Radiation protection of staff in DXA

1. What is the typical staff dose from a DXA examination?

The dose to staff in DXA facilities is generally small. However, new developments in DXA imaging technology (fan beam, cone beam, C-arm configurations) can result in larger scattered exposure levels. In some examinations the operator may be present in the scanning room; thus the scattered radiation from the total annual patient workload must be considered when assessing occupational dose levels. The reported scatter dose rates at 1m from the central axis of the patient table range from few tenths of a µSv/h to 5 µSv/h, depending of the scanner model. From these values, recent calculations and measurements indicate that the annual dose for an average workload (20 patients/day) at 1m from the scanner will be between 0.1 and 1.5 mSv depending the model of the scanner [Patel et al., 1996; Sheahan et al., 2005; Larkin et al., 2008]. These figures assume that staff do not comfort or hold children during examinations, and that this is done by parents or other comforters/carers.

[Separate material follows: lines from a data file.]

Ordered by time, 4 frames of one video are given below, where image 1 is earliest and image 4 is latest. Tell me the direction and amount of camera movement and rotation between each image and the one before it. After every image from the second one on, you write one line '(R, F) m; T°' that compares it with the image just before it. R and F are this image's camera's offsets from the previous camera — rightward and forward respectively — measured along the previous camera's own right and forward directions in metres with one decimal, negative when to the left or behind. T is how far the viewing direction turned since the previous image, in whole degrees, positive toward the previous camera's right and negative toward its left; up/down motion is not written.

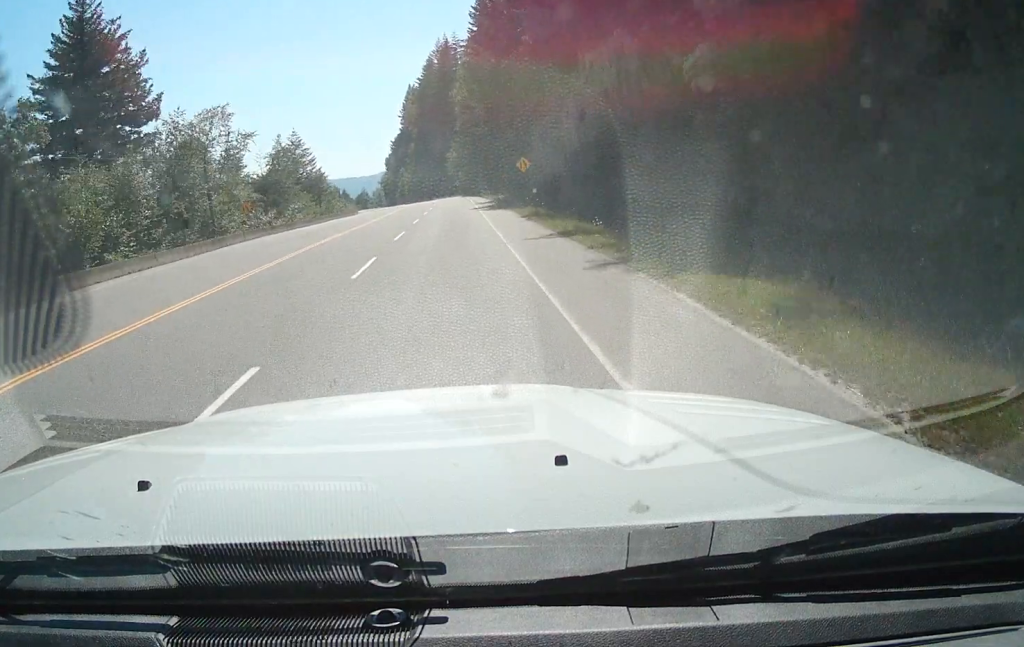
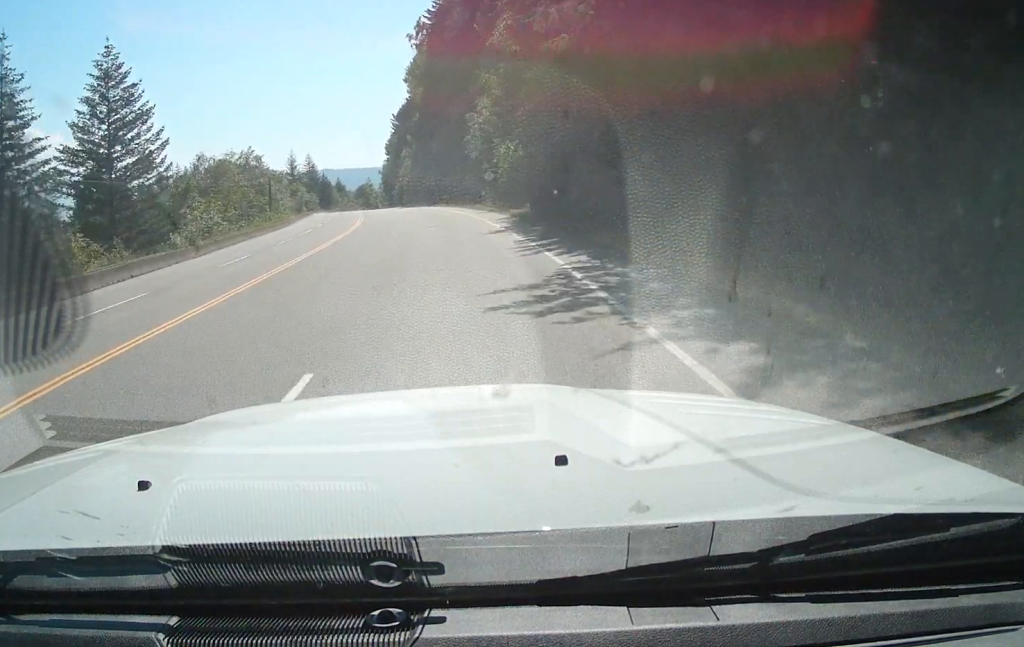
(+0.8, +94.3) m; 0°
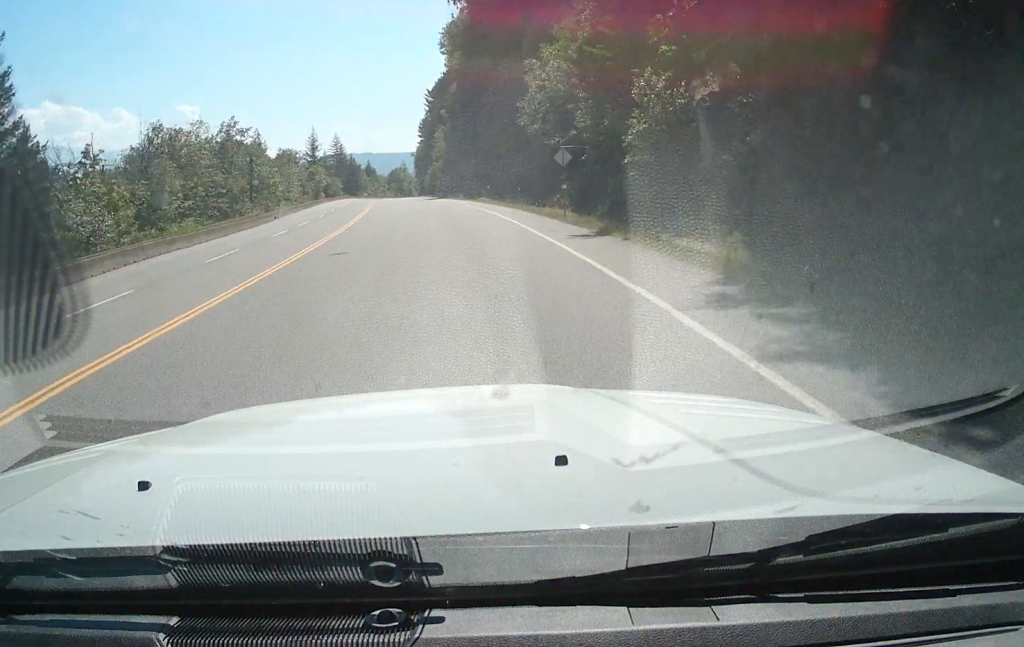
(-0.2, +29.8) m; -2°
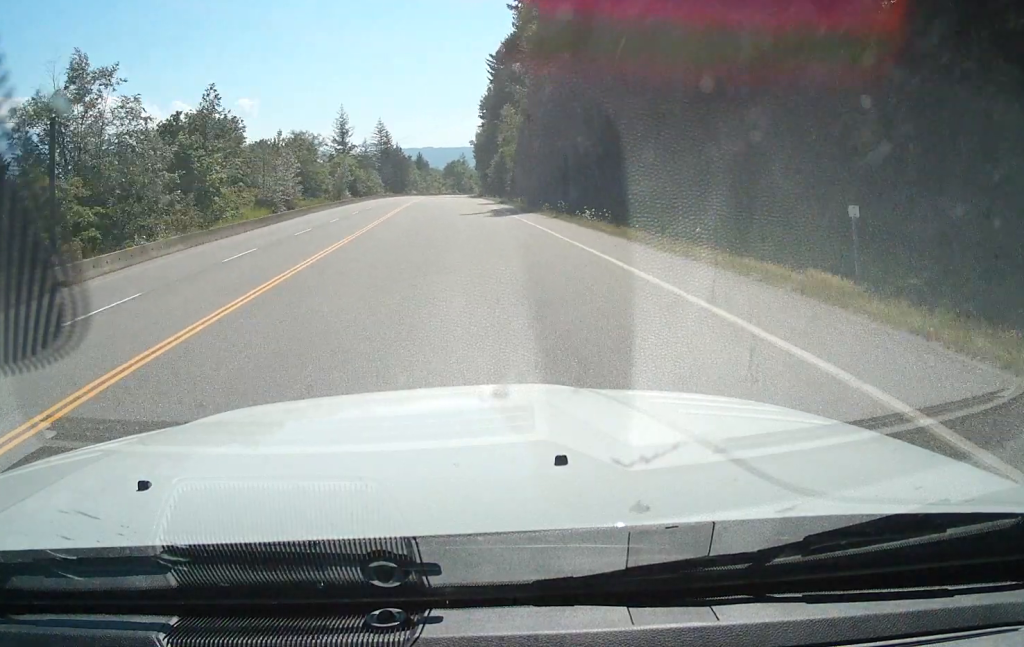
(-2.6, +53.0) m; -4°

In practical terms, the operators’ desk should be positioned at least 1m away from a pencil beam, and at least 2m from a fan-beam system. Some older models, that are not now common, require a distance of 3.5 m [Patel et al., 1996; Njeh et al,, 1999]. In the case of fan-beam and cone-beam configurations or if the distances above can not be accommodated, the use of protective screens may be considered. With these precautions it is probable that the operator dose will be in the lower range of acceptable occupational exposures.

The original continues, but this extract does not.